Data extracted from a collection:
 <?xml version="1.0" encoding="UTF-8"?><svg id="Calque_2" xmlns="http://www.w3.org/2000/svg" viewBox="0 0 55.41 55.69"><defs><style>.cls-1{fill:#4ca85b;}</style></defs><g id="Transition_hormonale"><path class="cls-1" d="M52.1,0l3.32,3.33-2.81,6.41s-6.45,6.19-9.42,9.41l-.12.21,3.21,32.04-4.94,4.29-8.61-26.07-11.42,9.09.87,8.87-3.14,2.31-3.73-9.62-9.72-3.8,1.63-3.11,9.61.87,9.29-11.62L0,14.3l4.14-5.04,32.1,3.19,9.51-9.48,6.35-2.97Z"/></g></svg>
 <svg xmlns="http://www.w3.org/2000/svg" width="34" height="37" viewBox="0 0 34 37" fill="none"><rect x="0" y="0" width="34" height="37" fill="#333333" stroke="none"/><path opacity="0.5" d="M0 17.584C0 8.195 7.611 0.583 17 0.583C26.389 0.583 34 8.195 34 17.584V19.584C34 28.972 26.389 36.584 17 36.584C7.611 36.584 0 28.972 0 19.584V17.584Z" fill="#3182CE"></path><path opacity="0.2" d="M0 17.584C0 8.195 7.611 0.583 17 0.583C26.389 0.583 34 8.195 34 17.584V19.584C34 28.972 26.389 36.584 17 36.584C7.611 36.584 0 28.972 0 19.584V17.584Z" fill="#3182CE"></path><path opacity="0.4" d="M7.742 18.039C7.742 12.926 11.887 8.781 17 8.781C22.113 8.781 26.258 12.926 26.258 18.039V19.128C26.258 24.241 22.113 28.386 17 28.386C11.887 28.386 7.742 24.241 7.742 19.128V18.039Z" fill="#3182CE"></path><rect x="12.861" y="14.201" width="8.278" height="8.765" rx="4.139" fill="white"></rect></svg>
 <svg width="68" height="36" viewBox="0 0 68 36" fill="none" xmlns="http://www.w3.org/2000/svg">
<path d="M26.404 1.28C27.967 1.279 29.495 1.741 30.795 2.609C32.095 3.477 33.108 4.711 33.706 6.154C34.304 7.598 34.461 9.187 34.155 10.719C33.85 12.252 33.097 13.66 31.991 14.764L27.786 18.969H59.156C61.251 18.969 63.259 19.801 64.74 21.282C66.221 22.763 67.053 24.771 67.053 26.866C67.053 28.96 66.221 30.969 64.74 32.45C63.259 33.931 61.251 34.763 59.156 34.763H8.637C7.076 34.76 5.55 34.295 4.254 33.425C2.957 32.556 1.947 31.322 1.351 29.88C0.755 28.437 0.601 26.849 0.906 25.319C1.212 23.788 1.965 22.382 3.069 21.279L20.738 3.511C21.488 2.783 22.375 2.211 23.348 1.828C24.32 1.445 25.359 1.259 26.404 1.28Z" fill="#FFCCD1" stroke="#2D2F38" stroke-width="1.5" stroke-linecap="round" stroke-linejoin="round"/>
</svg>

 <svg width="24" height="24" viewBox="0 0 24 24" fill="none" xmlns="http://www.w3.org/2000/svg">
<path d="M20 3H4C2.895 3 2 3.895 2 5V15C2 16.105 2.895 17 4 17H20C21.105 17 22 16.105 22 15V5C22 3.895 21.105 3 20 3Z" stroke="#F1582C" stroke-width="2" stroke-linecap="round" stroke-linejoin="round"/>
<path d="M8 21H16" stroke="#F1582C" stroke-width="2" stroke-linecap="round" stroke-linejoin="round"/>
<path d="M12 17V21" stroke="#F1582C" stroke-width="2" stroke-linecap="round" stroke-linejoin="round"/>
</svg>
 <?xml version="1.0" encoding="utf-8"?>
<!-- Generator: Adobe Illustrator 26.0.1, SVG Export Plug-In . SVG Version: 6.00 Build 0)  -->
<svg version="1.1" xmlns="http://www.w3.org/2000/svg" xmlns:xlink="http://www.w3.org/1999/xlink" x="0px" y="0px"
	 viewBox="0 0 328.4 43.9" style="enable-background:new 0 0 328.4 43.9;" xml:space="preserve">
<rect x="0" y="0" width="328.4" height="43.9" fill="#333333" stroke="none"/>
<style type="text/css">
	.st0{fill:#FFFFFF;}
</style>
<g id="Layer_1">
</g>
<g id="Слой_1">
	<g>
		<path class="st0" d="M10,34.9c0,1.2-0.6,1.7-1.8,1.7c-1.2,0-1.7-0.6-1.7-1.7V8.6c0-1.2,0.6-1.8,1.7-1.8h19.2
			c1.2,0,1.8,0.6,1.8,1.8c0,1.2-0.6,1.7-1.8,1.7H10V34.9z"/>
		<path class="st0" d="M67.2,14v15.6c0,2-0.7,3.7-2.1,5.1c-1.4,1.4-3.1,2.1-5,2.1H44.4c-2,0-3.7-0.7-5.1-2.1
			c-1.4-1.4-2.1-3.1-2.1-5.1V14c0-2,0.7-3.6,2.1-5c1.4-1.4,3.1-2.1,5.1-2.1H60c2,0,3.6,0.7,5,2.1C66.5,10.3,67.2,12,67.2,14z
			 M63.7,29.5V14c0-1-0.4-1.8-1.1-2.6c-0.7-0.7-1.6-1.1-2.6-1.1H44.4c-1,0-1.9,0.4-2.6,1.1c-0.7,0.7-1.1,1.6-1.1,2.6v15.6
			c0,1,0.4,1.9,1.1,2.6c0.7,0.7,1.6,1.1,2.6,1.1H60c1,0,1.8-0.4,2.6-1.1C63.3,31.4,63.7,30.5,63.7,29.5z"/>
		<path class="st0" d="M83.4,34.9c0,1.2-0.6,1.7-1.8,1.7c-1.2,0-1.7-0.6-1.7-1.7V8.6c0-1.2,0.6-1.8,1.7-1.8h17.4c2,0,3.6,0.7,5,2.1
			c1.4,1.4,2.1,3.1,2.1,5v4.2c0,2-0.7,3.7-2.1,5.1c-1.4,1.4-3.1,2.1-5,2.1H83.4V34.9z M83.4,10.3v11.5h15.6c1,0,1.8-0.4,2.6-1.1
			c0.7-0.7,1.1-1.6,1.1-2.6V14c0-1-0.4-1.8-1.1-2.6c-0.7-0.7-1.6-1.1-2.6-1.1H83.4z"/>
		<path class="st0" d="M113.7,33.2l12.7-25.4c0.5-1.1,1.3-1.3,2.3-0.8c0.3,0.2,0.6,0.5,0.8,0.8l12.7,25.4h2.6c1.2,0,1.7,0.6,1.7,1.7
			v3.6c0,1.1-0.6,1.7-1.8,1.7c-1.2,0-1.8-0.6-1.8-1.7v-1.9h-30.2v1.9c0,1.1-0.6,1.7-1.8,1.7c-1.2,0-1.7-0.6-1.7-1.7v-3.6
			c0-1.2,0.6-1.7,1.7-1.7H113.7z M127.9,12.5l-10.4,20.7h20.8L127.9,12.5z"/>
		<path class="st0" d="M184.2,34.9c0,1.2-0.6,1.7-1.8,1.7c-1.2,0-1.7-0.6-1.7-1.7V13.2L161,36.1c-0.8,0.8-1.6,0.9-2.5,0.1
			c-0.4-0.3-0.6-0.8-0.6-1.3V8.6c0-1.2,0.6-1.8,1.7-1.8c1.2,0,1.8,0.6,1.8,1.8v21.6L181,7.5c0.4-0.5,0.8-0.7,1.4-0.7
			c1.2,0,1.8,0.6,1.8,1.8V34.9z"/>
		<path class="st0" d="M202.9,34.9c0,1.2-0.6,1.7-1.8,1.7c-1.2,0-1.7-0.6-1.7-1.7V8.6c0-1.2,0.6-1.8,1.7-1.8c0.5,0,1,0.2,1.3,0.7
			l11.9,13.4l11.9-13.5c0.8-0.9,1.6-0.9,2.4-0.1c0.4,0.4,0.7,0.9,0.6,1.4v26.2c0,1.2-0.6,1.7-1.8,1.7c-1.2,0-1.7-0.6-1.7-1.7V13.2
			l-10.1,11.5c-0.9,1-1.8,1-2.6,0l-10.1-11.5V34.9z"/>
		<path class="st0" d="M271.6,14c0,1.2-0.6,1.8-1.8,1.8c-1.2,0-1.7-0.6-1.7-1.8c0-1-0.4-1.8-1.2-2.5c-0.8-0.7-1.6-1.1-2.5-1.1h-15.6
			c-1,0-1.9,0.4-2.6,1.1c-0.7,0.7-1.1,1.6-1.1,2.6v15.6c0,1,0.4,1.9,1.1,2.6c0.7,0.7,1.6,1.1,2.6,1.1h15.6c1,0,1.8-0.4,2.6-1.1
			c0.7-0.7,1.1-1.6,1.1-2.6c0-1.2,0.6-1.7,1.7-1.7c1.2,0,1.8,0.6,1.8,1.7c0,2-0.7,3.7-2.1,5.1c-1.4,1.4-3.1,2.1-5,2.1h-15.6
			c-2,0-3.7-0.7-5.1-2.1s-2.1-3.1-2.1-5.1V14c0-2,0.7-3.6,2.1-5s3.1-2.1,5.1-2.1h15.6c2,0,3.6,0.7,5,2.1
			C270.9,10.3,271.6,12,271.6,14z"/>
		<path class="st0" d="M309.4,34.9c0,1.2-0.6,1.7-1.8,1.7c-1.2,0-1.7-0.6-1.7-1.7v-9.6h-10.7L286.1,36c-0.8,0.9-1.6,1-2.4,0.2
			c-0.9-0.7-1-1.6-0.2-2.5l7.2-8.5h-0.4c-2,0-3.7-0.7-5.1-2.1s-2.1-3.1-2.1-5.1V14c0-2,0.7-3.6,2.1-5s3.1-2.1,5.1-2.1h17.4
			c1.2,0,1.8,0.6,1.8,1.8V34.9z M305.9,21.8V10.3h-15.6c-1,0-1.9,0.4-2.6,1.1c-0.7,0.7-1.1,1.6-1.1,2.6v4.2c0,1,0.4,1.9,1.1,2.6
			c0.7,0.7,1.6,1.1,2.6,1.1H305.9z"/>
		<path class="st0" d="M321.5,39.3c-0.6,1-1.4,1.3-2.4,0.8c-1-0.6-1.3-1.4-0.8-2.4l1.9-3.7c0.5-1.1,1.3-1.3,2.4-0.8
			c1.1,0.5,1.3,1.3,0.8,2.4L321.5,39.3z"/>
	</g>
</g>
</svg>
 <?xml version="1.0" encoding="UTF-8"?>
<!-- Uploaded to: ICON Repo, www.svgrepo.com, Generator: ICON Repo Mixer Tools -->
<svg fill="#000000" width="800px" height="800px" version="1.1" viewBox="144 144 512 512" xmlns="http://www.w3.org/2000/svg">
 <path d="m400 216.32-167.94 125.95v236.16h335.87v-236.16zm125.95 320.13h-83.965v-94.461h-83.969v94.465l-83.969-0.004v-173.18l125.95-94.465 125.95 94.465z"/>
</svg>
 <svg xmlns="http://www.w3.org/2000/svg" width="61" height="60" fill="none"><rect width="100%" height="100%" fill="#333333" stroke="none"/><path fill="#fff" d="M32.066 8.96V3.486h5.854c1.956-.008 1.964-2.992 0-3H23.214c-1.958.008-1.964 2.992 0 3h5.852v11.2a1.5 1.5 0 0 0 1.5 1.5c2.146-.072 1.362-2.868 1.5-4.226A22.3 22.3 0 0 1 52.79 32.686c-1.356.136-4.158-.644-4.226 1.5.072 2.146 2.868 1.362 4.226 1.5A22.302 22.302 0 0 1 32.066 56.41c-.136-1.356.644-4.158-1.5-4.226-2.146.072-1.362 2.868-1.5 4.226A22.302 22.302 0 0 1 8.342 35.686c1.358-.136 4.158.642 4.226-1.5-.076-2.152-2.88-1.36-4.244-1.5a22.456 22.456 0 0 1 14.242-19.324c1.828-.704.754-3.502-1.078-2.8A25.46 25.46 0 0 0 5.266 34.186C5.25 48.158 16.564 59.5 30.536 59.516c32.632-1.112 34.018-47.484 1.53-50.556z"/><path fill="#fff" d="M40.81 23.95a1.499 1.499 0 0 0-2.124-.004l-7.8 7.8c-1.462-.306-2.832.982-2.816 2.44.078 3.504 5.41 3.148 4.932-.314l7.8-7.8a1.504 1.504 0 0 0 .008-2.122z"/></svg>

Directions:
Reproduce every line in the data that has the word "Generator" in it.

Response to this task:
<!-- Generator: Adobe Illustrator 26.0.1, SVG Export Plug-In . SVG Version: 6.00 Build 0)  -->
<!-- Uploaded to: ICON Repo, www.svgrepo.com, Generator: ICON Repo Mixer Tools -->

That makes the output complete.